Ah, yes. A thread gleamed in the maelstrom. She would never have caught sight of it were it not for the vision in the marketplace. But the connection had been made.

A man stands in a field. There's a knife in his hand and wickedness in his mind. He thrusts and slashes, cuts and tears. His victim is bloodless. A pumpkin. His blows aren't those of murder, but rather of sculpture. He's bringing a horrible face into being on the fruit's hide. Ah... This is its true origin. The first carved pumpkin, which will have descendants first on this world, then on Earth, and then throughout the void.

Satisfied with his handiwork, he places the absurd yet terrible helm over his head. Then he rushes into the village, where his nemeses await the fright of their lives. The children... How he despises them.

The boys and girls scream when they see the pumpkin's ghastly, infernal features. They run in terror. He drinks their fear as though it were a fine wine, and pursues them.
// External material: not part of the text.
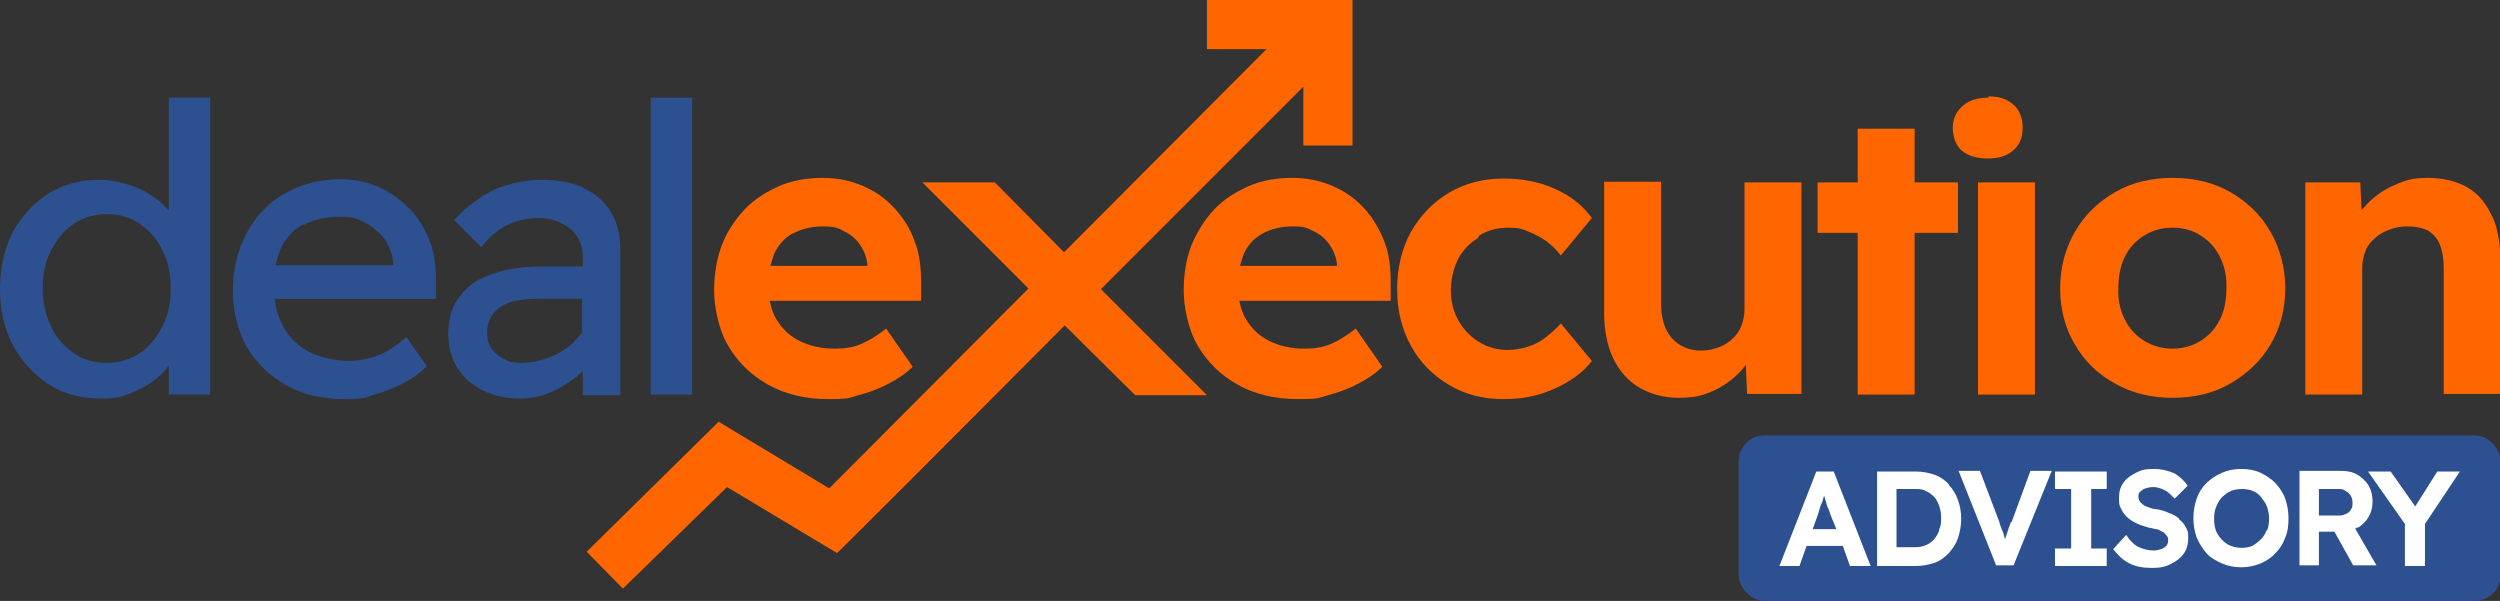 <svg xmlns="http://www.w3.org/2000/svg" id="Layer_2" viewBox="0 0 386.5 92.9"><rect x="0" y="0" width="386.5" height="92.9" fill="#333333" stroke="none"/><defs><style>      .st0 {        fill: #2d5091;      }      .st1 {        fill: #fff;      }      .st2 {        fill: #f60;      }    </style></defs><g id="Layer_1-2"><g><path class="st0" d="M63.2,32.2c-1.3-1.4-2.9-2.5-4.7-3.3s-3.8-1.2-5.9-1.2-4.6.4-6.7,1.3-3.8,2-5.3,3.6-2.6,3.4-3.4,5.5c-.8,2.1-1.2,4.4-1.2,7s.7,6.1,2.2,8.6,3.5,4.4,6.1,5.9c2.6,1.4,5.5,2.1,8.9,2.1s3.1-.2,4.7-.7,3.1-1,4.5-1.8c1.4-.7,2.6-1.6,3.6-2.6l-3.2-4.5c-1.6,1.4-3.1,2.4-4.5,2.9s-2.9.8-4.5.8-4.3-.5-6-1.4c-1.7-.9-3.1-2.2-4-3.9-.7-1.3-1.2-2.7-1.3-4.3h24.9v-2.7c0-2.3-.2-4.4-1-6.3-.7-1.9-1.8-3.6-3.1-5h0ZM46.9,34.8c1.5-.8,3.4-1.3,5.6-1.3s2.7.3,3.9.9,2.2,1.5,3,2.5c.8,1.1,1.2,2.3,1.4,3.7v.4h-18.2c.2-.9.5-1.8.8-2.6.8-1.6,1.9-2.9,3.5-3.7Z"></path><path class="st0" d="M90.2,29c-1.8-.8-4-1.2-6.4-1.2s-5,.5-7.3,1.5c-2.2,1-4.3,2.6-6.3,4.7l4.2,4.2c1.2-1.5,2.5-2.7,4-3.4s3.1-1.1,4.9-1.1,3.6.6,4.9,1.7,1.9,2.6,1.9,4.4v1.4h-6.1c-2.4,0-4.5.2-6.4.7-1.8.5-3.4,1.1-4.6,2s-2.1,2-2.8,3.3c-.6,1.3-.9,2.8-.9,4.6s.5,3.7,1.5,5.2,2.3,2.6,3.9,3.4c1.7.8,3.5,1.2,5.6,1.2s3.2-.3,4.7-.9,2.9-1.5,4.2-2.5c.3-.3.6-.6.9-.8v3.7h5.8v-22.6c0-2.3-.5-4.2-1.5-5.8s-2.4-2.8-4.2-3.6h0ZM88.4,53.2c-1.1.9-2.2,1.6-3.6,2.1-1.3.5-2.8.8-4.2.8s-1.9-.2-2.7-.6c-.8-.4-1.4-.9-1.9-1.6-.5-.7-.7-1.5-.7-2.4s.2-1.6.5-2.3c.3-.6.8-1.2,1.5-1.7.7-.5,1.5-.8,2.5-1,1-.2,2.1-.3,3.3-.3h6.9v5.2c-.5.6-1,1.2-1.6,1.8h0Z"></path><rect class="st0" x="100.6" y="15.1" width="6.4" height="45.9"></rect><path class="st2" d="M133.1,53.2c-1.2.5-2.5.7-4,.7-2.1,0-3.9-.4-5.5-1.2-1.6-.8-2.7-1.9-3.6-3.4-.5-.8-.8-1.8-1-2.8h23.4v-2.7c0-2.4-.2-4.5-1-6.5-.7-2-1.8-3.7-3.2-5.2-1.4-1.5-3-2.6-4.9-3.4-1.9-.8-3.9-1.2-6.2-1.2s-4.7.4-6.7,1.3-3.8,2-5.3,3.6-2.7,3.4-3.5,5.5c-.8,2.1-1.2,4.5-1.2,7s.7,6.1,2.2,8.6c1.5,2.5,3.5,4.5,6.2,6,2.7,1.5,5.8,2.2,9.3,2.2s3.1-.2,4.6-.6c1.5-.4,3-.9,4.5-1.7,1.4-.7,2.8-1.6,3.9-2.7l-4.1-5.9c-1.4,1.1-2.7,1.9-3.9,2.4h0ZM122.6,36.1c1.3-.7,2.8-1.1,4.7-1.1s2.3.3,3.3.8c1,.5,1.8,1.2,2.4,2.1s1,1.9,1.1,3v.2h-15c.2-.7.4-1.3.6-1.9.6-1.3,1.6-2.4,2.8-3.1h0Z"></path><path class="st2" d="M210.8,32.1c-1.4-1.5-3-2.6-4.9-3.4-1.9-.8-3.9-1.2-6.2-1.2s-4.7.4-6.7,1.3-3.8,2-5.3,3.6-2.6,3.4-3.5,5.5c-.8,2.1-1.2,4.5-1.2,7s.7,6.1,2.2,8.6,3.5,4.5,6.2,6c2.7,1.5,5.8,2.2,9.3,2.2s3.1-.2,4.6-.6c1.5-.4,3-.9,4.5-1.7,1.4-.7,2.8-1.6,3.9-2.7l-4.1-5.9c-1.4,1.1-2.7,1.9-3.9,2.4s-2.5.7-4,.7c-2.1,0-3.9-.4-5.5-1.2s-2.7-1.9-3.6-3.4c-.5-.8-.8-1.8-1-2.8h23.4v-2.7c0-2.4-.2-4.5-1-6.5s-1.8-3.7-3.2-5.2h0ZM195.2,36.1c1.3-.7,2.8-1.1,4.7-1.1s2.3.3,3.3.8c1,.5,1.8,1.2,2.4,2.1s1,1.9,1.1,3v.2h-15c.2-.7.4-1.3.6-1.9.6-1.3,1.6-2.4,2.9-3.1h0Z"></path><path class="st2" d="M228.7,36.4c1.3-.8,2.8-1.2,4.5-1.2s2.1.2,3.1.6c1,.4,1.9.9,2.8,1.5.9.7,1.6,1.4,2.2,2.2l4.8-5.8c-1.4-1.9-3.2-3.4-5.7-4.5-2.4-1.1-5.1-1.6-8-1.6s-5.9.7-8.4,2.2-4.4,3.5-5.9,6.1c-1.4,2.6-2.1,5.5-2.1,8.8s.7,6.1,2.1,8.7,3.4,4.6,5.9,6.1,5.3,2.2,8.4,2.2,5.4-.5,7.9-1.6,4.4-2.5,5.8-4.3l-4.8-5.8c-.7.8-1.5,1.5-2.4,2.2s-1.7,1.1-2.7,1.4c-1,.3-2,.5-3.1.5-1.6,0-3.1-.4-4.4-1.2-1.3-.8-2.4-1.9-3.2-3.3-.8-1.4-1.2-3-1.2-4.7s.4-3.4,1.1-4.8c.7-1.4,1.8-2.5,3.1-3.3h0Z"></path><path class="st2" d="M269.7,47.8c0,1-.2,1.8-.5,2.6-.3.8-.8,1.5-1.4,2-.6.6-1.3,1-2.1,1.3s-1.7.5-2.7.5c-1.9,0-3.5-.7-4.6-2s-1.6-3.1-1.6-5.4v-18.7h-8.8v20.3c0,2.7.5,5.1,1.4,7s2.3,3.5,4,4.5c1.7,1,3.8,1.6,6.1,1.6s3.6-.3,5.2-1,3-1.7,4.2-2.9c.4-.4.7-.8,1-1.2l.2,4.5h8.4V28.2h-8.8v19.6h0Z"></path><polygon class="st2" points="296 19.9 287.2 19.9 287.2 28.2 281 28.2 281 36 287.2 36 287.2 61 296 61 296 36 302.7 36 302.7 28.2 296 28.2 296 19.9"></polygon><path class="st2" d="M307.4,15.1c-1.7,0-3,.4-4,1.3-1,.9-1.5,2-1.5,3.4s.5,2.7,1.4,3.5c1,.8,2.3,1.2,4,1.2s3-.4,4-1.3c1-.9,1.4-2,1.4-3.5s-.5-2.7-1.4-3.5c-1-.9-2.2-1.3-3.9-1.3Z"></path><rect class="st2" x="305.8" y="28.2" width="8.8" height="32.8"></rect><path class="st2" d="M344.8,29.7c-2.6-1.5-5.6-2.2-8.9-2.2s-6.3.7-8.9,2.2c-2.6,1.5-4.7,3.5-6.2,6.1-1.5,2.6-2.3,5.5-2.3,8.8s.8,6.2,2.3,8.7c1.5,2.6,3.6,4.6,6.2,6,2.6,1.5,5.6,2.2,8.9,2.2s6.3-.7,8.9-2.2c2.6-1.5,4.7-3.5,6.2-6s2.3-5.5,2.3-8.7-.8-6.2-2.3-8.8-3.6-4.6-6.2-6.1ZM343.2,49.4c-.7,1.4-1.7,2.5-3,3.3-1.3.8-2.7,1.2-4.3,1.2s-3.1-.4-4.4-1.2-2.3-1.9-3-3.3-1.1-3-1-4.8c0-1.9.3-3.5,1-4.9s1.7-2.5,3-3.3c1.3-.8,2.8-1.2,4.4-1.2s3.1.4,4.3,1.2c1.3.8,2.3,1.9,3,3.3.7,1.4,1.1,3.1,1,4.9,0,1.8-.3,3.4-1,4.8Z"></path><path class="st2" d="M385.3,33.5c-.9-2-2.1-3.5-3.8-4.5s-3.8-1.5-6.2-1.5-3.5.4-5.1,1.1c-1.6.7-3.1,1.7-4.3,3-.3.3-.5.6-.8.9l-.2-4.3h-8.5v32.8h8.8v-19.7c0-.9.2-1.7.5-2.5s.8-1.4,1.5-2c.6-.6,1.4-1,2.2-1.3.8-.3,1.7-.5,2.7-.5,1.3,0,2.3.2,3.2.6.8.5,1.5,1.2,1.9,2.2.4,1,.6,2.2.6,3.7v19.4h8.8v-20c0-3-.4-5.5-1.3-7.5h0Z"></path><path class="st2" d="M186.6,0v7.6h9.2l-31.3,31.4-10.7-10.8h-11.2l16.4,16.4-30.8,30.9-17.1-10.3-20.4,20.1,5.6,5.7,16.1-15.7,17,10.2c.3-.2,17.6-17.5,35.2-35.2l10.9,10.8h11.1l-16.4-16.4c14.6-14.6,28.2-28.2,31.3-31.3v9.1h7.6V0h-22.4,0Z"></path><path class="st0" d="M26.1,15.1v17.4c-.6-.6-1.2-1.2-2-1.8-1.2-.9-2.5-1.6-4.1-2.1s-3.1-.8-4.7-.8c-2.9,0-5.6.7-7.9,2.2-2.3,1.5-4.1,3.5-5.5,6C.7,38.5,0,41.4,0,44.7s.7,6.2,2,8.7c1.4,2.5,3.2,4.5,5.5,6,2.3,1.5,5,2.2,8,2.2s2.9-.2,4.4-.7c1.4-.5,2.7-1.2,3.8-2,1-.7,1.8-1.5,2.4-2.4v4.5h6.4V15.1h-6.4ZM25.1,50.5c-.9,1.7-2,3.1-3.5,4.1-1.5,1-3.2,1.5-5.1,1.5s-3.7-.5-5.1-1.5-2.7-2.3-3.5-4.1c-.8-1.7-1.3-3.7-1.3-5.9s.4-4.1,1.3-5.9c.9-1.7,2-3.1,3.5-4.1s3.2-1.5,5.1-1.5,3.7.5,5.1,1.5,2.7,2.3,3.5,4.1c.9,1.7,1.3,3.7,1.3,5.9s-.4,4.1-1.3,5.9Z"></path><g><rect class="st0" x="268.8" y="67.3" width="117.8" height="25.6" rx="4" ry="4"></rect><g><path class="st1" d="M280.8,72.9l-5.7,14.6h3.1l1.1-3.1h5.6l1.1,3.1h3.2l-5.7-14.6h-2.8ZM280.2,81.9l.8-2.2c.1-.3.2-.6.3-1,.1-.3.2-.7.4-1,.1-.4.2-.7.3-1.1h0c.1.3.2.7.3,1,.1.4.2.8.4,1.1.1.3.2.6.3.9l.9,2.2h-3.7,0Z"></path><path class="st1" d="M301.3,74.9c-.6-.7-1.4-1.2-2.2-1.5-.9-.3-1.8-.5-2.9-.5h-6v14.6h6c1.1,0,2-.2,2.9-.5s1.6-.9,2.2-1.5c.6-.7,1.1-1.4,1.4-2.3.3-.9.5-1.9.5-3s-.2-2.1-.5-2.9c-.3-.9-.8-1.7-1.4-2.3h0ZM299.8,82c-.2.6-.5,1-.8,1.4-.4.4-.8.7-1.3.9-.5.2-1,.3-1.7.3h-2.8v-9h2.8c.6,0,1.2,0,1.7.3.5.2.9.5,1.3.9.4.4.6.9.8,1.4.2.6.3,1.2.3,1.8s0,1.3-.3,1.8h0Z"></path><path class="st1" d="M310.9,80.7c-.2.6-.4,1-.5,1.4-.1.4-.3.8-.4,1.2,0,0,0,.1,0,.2,0-.2-.1-.4-.2-.7,0-.3-.2-.6-.3-.9-.1-.3-.3-.7-.4-1.2l-3-7.9h-3.3l5.8,14.6h2.7l5.9-14.6h-3.3l-2.9,7.9h0Z"></path><polygon class="st1" points="317.7 75.6 320.2 75.6 320.2 84.8 317.7 84.8 317.7 87.5 325.7 87.5 325.7 84.8 323.3 84.8 323.3 75.6 325.7 75.6 325.7 72.9 317.7 72.9 317.7 75.6"></polygon><path class="st1" d="M336.9,80.2c-.4-.4-1-.7-1.6-.9-.6-.3-1.3-.5-2.1-.6-.4,0-.8-.2-1.1-.3s-.6-.2-.8-.4c-.2-.2-.4-.3-.5-.5s-.2-.4-.2-.7,0-.6.3-.8.4-.4.8-.5c.3-.1.7-.2,1.2-.2.6,0,1.2.2,1.8.5.6.3,1,.8,1.5,1.3l2-2c-.5-.8-1.2-1.4-2-1.9-.9-.4-1.9-.7-3.3-.7s-1.9.2-2.7.6c-.8.4-1.5.9-1.9,1.5-.5.7-.7,1.4-.7,2.3s0,1.2.3,1.7c.2.5.5.9.9,1.3s.9.7,1.5,1,1.3.5,2,.7c.4,0,.7.2,1,.2.3,0,.6.2.8.3s.5.2.6.4.3.3.4.5.1.4.1.6-.1.6-.3.8-.5.4-.8.5-.7.2-1.2.2c-.8,0-1.5-.2-2.2-.5-.7-.3-1.4-1-2-1.9l-2,2.2c.7.9,1.5,1.7,2.5,2.2,1,.5,2.1.7,3.5.7s2.1-.2,2.9-.6c.8-.4,1.5-.9,2-1.6s.7-1.5.7-2.5-.1-1.1-.4-1.6c-.2-.5-.6-.9-1-1.2h0Z"></path><path class="st1" d="M351.8,74.7c-.7-.7-1.5-1.2-2.3-1.6s-1.9-.6-3-.6-2.1.2-3,.6-1.7.9-2.4,1.6c-.7.7-1.2,1.5-1.5,2.4s-.5,1.9-.5,3,.2,2.1.5,3c.4.9.9,1.7,1.5,2.4s1.5,1.2,2.4,1.6c.9.4,1.9.6,3,.6s2-.2,3-.6c.9-.4,1.7-.9,2.3-1.6.7-.7,1.2-1.5,1.5-2.4.4-.9.5-1.9.5-3s-.2-2.1-.5-3-.9-1.7-1.5-2.4ZM350.4,82c-.2.6-.5,1-.9,1.4-.4.4-.8.7-1.3,1-.5.2-1.1.3-1.7.3s-1.6-.2-2.2-.6c-.6-.4-1.1-.9-1.5-1.6-.4-.7-.5-1.5-.5-2.3s.1-1.3.3-1.8.5-1.1.9-1.5.8-.7,1.4-1c.5-.2,1.1-.3,1.7-.3s1.2.1,1.7.3c.5.2,1,.6,1.3,1s.7.9.9,1.5c.2.6.3,1.2.3,1.8s-.1,1.3-.3,1.8h0Z"></path><path class="st1" d="M364.5,81.6c.7-.4,1.3-1,1.7-1.7s.6-1.5.6-2.4-.2-1.7-.6-2.4c-.4-.7-1-1.2-1.7-1.7-.7-.4-1.5-.6-2.5-.6h-6.5v14.6h3v-5.2h2.4l2.9,5.2h3.6s-3.3-5.7-3.3-5.7c.1,0,.2,0,.3-.2h0ZM358.5,75.6h2.9c.5,0,.9,0,1.2.3.4.2.6.4.8.7.2.3.3.7.3,1.1s0,.7-.2,1c-.2.3-.4.6-.7.7s-.6.3-1,.3h-3.3v-4.1h0Z"></path><polygon class="st1" points="380.3 72.9 376.8 72.9 373.4 78.3 369.6 72.9 366.1 72.9 371.8 81 371.8 87.5 374.9 87.5 374.9 81 380.3 72.9"></polygon></g></g></g></g></svg>

But some of the children are brave. One of them seizes a club, and smashes the supposed fiend in the groin. The man doesn't laugh after that. Instead he falls in the street. And he can only groan when another child douses him with pitch. Then a burning torch is flung at him. His head and its pumpkin guise burn. Thus Jack dies, and legends are born.

That body, with its incinerated mask and skull... Yes. That was what she'd seen, entombed in a fragment of the planet, hurtling through space -- carrying a dead man's malevolence within.